6. Representations and Warranties of Parent. Parent hereby represents and warrants to Stockholder as follows:
(a) Organization and Qualification. Parent is a legal entity duly organized, validly existing and, to the extent such concept is applicable, in good standing under the laws of the jurisdiction of its organization.
(b) Authority. Parent has all necessary corporate power and authority and legal capacity to execute, deliver and perform all of Parent’s obligations under this Agreement, and no other proceedings or actions on the part of Parent are necessary to authorize the execution, delivery or performance of this Agreement.
(c) Due Execution and Delivery. This Agreement has been duly and validly executed and delivered by Parent and, assuming due authorization, execution and delivery hereof by Stockholder, constitutes a legal, valid and binding agreement of Parent, enforceable against Parent in accordance with its terms, subject to the Bankruptcy and Equity Exception.

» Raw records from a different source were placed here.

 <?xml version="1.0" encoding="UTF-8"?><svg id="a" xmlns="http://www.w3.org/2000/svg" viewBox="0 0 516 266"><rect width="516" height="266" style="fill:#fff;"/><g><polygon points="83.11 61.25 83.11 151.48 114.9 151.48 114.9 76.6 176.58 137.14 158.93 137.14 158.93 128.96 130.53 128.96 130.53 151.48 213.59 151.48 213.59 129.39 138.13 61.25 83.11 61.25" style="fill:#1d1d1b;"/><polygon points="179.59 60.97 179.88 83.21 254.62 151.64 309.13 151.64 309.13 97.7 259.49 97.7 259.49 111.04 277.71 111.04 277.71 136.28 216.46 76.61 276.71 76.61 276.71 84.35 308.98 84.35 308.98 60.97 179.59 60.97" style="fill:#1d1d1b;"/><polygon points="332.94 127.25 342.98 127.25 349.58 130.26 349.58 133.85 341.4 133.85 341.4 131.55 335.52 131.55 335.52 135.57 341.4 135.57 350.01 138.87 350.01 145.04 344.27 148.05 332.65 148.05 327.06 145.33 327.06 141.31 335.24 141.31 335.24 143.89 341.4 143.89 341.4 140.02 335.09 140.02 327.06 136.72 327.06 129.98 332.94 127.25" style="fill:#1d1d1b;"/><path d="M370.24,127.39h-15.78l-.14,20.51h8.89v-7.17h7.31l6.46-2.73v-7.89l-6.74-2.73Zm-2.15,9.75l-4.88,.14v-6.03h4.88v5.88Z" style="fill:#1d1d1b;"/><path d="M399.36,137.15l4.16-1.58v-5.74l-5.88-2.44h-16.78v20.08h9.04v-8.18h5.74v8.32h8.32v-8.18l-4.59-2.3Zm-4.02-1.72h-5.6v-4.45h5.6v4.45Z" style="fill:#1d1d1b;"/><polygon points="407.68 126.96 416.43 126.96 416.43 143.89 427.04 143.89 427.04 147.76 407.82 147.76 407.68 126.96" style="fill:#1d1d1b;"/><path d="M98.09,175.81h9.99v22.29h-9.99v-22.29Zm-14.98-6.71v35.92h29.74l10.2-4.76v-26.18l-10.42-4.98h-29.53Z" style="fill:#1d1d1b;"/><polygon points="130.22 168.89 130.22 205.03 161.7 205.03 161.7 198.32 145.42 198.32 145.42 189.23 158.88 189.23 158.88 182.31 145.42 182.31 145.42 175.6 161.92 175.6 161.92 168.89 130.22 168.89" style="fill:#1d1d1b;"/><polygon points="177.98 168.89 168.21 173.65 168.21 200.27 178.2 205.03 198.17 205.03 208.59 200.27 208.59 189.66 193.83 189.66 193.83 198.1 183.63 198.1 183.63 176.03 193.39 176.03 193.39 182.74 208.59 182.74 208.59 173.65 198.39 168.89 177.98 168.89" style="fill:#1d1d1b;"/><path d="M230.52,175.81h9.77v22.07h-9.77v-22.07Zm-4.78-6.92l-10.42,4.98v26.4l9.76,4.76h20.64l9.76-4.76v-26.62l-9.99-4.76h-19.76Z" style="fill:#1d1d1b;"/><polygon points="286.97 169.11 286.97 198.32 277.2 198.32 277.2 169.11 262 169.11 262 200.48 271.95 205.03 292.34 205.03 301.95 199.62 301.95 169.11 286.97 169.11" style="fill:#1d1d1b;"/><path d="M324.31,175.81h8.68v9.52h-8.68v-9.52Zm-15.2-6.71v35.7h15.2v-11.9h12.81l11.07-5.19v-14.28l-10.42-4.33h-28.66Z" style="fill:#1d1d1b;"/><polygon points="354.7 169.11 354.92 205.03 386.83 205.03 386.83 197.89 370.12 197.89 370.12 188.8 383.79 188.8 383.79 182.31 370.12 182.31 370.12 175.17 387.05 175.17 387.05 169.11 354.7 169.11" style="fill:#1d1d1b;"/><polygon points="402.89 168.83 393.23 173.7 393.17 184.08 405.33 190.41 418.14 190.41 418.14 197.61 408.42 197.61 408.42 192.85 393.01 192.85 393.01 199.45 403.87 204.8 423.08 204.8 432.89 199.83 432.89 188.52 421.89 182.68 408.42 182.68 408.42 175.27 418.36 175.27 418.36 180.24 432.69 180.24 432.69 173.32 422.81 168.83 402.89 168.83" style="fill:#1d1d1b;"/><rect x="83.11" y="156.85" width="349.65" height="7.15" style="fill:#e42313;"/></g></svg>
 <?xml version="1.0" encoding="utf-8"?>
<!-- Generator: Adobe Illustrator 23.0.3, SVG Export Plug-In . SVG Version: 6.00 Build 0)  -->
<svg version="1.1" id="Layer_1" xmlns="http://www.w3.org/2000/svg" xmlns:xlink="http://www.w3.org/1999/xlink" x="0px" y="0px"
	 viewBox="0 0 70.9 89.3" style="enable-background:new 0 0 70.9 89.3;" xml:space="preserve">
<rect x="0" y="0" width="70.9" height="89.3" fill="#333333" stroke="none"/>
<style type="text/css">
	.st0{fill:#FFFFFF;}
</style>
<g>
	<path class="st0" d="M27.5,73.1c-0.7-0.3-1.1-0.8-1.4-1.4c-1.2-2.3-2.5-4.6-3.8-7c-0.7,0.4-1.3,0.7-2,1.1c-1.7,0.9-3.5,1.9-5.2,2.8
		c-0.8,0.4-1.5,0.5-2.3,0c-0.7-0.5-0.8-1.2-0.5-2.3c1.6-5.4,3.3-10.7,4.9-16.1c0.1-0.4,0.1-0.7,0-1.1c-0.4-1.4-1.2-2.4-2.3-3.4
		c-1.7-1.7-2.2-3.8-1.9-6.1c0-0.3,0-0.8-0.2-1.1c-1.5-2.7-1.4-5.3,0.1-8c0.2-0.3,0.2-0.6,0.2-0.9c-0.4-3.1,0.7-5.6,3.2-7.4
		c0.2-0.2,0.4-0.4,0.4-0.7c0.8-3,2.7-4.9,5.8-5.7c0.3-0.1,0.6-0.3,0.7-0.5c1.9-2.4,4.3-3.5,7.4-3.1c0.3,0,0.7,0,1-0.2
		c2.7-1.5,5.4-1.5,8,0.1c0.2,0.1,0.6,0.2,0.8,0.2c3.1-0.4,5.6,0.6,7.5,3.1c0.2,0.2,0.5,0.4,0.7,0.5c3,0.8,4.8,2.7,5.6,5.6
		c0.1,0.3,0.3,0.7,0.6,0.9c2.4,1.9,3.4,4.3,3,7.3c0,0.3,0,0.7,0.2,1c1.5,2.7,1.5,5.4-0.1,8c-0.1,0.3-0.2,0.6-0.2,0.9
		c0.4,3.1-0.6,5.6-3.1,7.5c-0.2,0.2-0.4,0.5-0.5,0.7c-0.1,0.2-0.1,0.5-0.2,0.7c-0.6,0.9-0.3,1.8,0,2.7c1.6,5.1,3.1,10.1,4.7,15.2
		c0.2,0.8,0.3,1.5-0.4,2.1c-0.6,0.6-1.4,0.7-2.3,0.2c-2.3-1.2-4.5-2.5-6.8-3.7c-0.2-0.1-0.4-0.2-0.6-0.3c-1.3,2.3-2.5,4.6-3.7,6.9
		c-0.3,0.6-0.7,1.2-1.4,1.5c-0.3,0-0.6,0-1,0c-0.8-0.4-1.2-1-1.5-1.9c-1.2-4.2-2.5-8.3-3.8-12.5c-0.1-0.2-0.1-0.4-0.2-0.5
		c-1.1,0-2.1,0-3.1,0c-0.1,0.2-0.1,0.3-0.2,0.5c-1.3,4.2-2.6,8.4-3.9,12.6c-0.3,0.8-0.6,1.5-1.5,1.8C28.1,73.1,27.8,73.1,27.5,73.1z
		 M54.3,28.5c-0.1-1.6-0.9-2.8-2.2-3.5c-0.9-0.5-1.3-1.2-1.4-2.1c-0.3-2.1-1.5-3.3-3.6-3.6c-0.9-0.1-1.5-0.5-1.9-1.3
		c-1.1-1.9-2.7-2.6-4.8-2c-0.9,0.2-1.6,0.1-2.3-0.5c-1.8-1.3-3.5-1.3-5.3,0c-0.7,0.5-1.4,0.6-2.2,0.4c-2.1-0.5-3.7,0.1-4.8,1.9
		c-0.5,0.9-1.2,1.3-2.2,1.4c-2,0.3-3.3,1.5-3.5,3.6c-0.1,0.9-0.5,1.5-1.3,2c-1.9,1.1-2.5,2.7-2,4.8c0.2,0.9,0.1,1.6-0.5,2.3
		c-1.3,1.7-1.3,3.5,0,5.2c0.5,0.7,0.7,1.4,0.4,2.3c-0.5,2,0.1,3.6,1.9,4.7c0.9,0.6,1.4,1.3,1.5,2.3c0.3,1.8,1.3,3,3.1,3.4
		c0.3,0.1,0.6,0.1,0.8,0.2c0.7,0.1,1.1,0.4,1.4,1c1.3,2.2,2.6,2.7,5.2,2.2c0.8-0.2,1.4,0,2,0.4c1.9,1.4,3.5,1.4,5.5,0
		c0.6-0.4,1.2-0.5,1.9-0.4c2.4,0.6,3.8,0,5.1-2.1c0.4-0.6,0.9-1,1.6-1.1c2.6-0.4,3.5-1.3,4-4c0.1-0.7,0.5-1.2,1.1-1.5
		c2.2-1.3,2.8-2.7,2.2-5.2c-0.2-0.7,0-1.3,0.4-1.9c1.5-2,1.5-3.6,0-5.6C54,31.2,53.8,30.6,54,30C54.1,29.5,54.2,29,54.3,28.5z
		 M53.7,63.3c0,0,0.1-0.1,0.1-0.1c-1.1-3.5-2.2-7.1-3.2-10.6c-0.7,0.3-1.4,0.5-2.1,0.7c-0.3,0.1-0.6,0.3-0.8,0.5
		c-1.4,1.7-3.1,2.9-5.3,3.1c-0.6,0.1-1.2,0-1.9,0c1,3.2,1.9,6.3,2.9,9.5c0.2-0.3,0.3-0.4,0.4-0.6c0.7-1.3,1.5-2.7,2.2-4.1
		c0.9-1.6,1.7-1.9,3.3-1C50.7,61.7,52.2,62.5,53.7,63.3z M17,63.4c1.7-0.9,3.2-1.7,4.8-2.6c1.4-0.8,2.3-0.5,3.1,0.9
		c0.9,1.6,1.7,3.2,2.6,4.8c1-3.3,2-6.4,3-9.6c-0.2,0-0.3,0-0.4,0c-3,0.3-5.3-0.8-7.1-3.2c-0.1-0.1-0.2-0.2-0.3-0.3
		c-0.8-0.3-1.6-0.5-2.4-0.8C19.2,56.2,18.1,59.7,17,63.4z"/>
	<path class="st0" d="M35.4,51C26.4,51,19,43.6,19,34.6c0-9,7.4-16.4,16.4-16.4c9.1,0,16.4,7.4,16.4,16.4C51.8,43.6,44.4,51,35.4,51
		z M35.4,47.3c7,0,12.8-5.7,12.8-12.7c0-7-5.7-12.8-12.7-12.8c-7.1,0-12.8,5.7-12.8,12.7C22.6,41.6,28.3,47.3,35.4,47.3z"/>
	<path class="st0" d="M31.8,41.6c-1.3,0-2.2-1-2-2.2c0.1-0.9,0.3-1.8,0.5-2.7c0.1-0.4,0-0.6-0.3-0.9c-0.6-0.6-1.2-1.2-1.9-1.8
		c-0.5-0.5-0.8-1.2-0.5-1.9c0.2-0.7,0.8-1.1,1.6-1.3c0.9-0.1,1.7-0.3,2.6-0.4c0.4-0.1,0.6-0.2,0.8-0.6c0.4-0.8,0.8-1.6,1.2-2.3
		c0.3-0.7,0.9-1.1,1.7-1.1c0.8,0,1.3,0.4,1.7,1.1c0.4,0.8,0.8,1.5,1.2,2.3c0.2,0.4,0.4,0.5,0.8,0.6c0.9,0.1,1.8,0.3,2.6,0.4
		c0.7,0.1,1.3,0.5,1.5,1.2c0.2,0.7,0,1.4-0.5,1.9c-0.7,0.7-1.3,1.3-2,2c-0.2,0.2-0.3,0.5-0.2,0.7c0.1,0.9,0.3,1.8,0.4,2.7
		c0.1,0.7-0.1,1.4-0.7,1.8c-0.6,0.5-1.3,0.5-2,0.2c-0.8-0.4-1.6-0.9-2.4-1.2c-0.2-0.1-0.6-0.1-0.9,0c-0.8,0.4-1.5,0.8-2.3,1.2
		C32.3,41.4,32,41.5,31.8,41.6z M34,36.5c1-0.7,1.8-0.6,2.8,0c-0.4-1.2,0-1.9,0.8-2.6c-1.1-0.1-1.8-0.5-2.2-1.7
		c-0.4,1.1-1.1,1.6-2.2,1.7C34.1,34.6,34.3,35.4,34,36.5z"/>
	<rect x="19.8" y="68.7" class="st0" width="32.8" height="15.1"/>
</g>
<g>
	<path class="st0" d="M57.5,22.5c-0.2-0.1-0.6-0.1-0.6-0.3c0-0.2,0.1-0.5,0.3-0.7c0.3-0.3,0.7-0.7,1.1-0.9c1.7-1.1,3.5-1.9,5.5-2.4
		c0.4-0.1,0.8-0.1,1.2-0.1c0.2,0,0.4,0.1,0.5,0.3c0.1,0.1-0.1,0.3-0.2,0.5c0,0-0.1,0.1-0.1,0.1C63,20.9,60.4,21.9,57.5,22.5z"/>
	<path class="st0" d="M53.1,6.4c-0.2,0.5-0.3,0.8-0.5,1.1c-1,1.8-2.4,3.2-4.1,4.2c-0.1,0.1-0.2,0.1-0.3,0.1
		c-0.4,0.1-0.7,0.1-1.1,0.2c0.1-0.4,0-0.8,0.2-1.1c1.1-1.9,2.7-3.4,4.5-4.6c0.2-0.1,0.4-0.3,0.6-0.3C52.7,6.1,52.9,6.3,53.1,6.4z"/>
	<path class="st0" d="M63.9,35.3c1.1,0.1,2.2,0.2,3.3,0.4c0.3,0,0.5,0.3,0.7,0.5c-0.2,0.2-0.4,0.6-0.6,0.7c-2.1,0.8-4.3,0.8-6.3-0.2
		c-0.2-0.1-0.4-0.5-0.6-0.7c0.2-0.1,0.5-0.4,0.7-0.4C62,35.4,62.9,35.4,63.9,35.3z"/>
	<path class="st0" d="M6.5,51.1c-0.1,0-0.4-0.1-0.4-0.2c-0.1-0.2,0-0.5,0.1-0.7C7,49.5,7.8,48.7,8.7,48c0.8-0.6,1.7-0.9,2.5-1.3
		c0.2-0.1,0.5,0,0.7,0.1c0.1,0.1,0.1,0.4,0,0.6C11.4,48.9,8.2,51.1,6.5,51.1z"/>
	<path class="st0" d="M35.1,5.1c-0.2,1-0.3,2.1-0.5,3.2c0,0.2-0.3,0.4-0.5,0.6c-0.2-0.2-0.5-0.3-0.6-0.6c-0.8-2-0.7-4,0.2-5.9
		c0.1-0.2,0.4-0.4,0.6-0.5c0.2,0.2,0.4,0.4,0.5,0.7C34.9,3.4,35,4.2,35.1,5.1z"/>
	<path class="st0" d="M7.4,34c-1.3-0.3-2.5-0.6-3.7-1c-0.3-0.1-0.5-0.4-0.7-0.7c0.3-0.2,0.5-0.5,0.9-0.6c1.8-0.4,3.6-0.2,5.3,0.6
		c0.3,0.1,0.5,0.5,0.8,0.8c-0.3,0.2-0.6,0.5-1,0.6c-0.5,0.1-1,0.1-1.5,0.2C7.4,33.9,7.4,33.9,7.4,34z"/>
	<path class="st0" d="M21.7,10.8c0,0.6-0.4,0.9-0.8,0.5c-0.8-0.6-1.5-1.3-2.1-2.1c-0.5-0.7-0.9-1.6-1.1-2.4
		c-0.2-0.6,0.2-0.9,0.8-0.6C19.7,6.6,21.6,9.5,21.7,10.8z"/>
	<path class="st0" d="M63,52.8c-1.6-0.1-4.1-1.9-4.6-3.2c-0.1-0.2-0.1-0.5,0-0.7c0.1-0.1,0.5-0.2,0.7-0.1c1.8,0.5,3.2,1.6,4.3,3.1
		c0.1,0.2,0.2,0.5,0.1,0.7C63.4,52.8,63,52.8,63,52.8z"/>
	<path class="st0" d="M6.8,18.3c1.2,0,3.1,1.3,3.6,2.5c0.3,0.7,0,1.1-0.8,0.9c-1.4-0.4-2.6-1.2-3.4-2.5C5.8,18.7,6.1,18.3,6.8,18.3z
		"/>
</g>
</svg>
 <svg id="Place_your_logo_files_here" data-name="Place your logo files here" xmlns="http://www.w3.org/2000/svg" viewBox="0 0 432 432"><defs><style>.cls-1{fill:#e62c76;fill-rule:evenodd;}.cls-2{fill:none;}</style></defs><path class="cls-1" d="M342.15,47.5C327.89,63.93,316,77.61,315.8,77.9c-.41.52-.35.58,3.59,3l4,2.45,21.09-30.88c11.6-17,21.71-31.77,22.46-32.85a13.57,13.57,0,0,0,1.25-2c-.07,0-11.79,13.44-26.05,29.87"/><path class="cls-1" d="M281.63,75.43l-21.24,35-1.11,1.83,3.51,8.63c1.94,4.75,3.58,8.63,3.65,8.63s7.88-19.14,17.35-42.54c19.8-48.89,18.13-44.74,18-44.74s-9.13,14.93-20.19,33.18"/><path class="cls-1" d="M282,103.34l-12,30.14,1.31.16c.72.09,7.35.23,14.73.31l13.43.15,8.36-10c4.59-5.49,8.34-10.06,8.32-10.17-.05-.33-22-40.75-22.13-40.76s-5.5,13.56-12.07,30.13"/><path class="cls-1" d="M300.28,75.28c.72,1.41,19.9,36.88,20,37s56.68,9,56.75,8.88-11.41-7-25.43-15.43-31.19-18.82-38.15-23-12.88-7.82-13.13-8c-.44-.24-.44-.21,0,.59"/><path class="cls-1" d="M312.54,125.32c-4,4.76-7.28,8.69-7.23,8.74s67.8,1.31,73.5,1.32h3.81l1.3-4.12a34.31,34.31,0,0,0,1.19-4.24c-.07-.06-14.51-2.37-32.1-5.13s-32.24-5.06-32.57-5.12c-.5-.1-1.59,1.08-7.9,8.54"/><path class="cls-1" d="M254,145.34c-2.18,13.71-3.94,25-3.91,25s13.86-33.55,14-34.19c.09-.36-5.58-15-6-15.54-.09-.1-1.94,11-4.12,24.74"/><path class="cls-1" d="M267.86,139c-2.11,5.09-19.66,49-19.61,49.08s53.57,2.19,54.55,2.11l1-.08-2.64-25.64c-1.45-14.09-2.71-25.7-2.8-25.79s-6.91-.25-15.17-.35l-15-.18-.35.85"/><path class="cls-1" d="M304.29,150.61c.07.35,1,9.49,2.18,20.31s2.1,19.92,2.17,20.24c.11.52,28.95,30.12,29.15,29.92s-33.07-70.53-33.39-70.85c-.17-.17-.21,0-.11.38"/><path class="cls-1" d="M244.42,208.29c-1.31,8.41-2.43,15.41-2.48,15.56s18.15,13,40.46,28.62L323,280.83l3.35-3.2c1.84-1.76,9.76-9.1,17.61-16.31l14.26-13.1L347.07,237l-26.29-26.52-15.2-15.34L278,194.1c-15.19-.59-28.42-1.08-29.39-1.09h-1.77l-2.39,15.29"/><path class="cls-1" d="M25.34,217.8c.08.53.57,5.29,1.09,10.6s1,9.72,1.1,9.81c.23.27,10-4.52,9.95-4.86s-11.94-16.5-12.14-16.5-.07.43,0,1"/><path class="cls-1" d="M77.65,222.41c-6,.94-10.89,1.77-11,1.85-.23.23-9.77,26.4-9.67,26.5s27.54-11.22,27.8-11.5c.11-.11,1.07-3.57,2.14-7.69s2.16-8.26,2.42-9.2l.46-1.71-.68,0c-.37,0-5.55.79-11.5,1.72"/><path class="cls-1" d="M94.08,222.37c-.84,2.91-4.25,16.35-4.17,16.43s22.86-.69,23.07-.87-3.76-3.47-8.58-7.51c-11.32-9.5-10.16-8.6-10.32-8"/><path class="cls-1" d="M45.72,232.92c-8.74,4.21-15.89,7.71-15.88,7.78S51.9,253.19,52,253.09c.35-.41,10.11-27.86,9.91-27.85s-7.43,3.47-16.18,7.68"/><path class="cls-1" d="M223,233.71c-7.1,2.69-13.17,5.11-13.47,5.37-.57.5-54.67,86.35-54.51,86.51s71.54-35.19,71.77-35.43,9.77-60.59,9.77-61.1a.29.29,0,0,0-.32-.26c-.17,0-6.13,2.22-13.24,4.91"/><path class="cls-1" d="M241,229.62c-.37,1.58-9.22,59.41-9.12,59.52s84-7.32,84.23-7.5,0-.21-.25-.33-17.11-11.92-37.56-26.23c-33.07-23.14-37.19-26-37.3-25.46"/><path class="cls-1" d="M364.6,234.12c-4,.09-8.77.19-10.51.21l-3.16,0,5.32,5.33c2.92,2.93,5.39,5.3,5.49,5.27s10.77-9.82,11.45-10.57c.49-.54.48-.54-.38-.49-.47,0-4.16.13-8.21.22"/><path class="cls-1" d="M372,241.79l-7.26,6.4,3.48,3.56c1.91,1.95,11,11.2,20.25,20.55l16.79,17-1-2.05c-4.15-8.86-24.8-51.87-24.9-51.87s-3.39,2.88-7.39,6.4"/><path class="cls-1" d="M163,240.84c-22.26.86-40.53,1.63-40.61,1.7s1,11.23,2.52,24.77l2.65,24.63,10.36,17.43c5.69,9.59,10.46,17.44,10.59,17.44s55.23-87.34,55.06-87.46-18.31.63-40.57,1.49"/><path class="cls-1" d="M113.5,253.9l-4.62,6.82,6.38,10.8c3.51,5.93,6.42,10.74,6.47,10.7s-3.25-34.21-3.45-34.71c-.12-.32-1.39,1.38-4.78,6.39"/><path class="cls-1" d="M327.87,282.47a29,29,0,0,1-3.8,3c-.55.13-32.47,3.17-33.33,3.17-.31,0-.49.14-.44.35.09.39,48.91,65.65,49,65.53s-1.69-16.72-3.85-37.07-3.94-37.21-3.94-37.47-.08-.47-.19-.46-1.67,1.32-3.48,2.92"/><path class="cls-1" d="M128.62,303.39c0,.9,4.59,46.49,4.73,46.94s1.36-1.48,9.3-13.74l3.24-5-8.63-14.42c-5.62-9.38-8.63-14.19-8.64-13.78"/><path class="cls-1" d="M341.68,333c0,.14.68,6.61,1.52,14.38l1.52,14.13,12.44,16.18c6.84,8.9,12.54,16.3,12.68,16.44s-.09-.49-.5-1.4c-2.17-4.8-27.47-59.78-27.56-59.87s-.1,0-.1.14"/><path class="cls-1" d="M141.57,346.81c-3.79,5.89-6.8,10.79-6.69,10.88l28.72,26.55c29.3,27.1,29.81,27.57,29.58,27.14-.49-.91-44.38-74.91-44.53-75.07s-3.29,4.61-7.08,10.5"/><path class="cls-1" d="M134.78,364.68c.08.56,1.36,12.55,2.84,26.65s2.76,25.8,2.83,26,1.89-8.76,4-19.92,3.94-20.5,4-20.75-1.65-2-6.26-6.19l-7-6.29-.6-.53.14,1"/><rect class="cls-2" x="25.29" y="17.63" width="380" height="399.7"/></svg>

(d) No Filings; No Conflict or Default. Except for any required filings under the HSR Act, any competition, antitrust and investment laws or regulations of foreign jurisdictions and the Exchange Act, and for those Governmental Authorizations identified in Part 3.3(d) of the Company Disclosure Letter, no filing with, and no permit, authorization, consent or approval of, any Governmental Entity is necessary for the execution and delivery of this Agreement by Parent. None of the execution and delivery of this Agreement by Parent will (i) result in a violation or breach of, or constitute (with or without notice or lapse of time or both) a default (or give rise to any third party right of termination, cancellation, modification or acceleration) under, any of the terms, conditions or provisions of any Contract to which Parent is a party or by which Parent or any of Parent’s properties or assets may be bound, (ii) violate any judgment, order, writ, injunction, decree or award of any court, administrative agency or other Governmental Entity that is applicable to Parent or any of Parent’s properties or assets, (iii) constitute a violation by Parent of any law or regulation of any jurisdiction, or (iv) contravene or conflict with Parent’s governing or organizational documents, in each case, except, in the case of clauses (i) through (iii), for any conflict, breach, default or violation described above which would not materially impair the ability of Parent to perform its obligations under this Agreement.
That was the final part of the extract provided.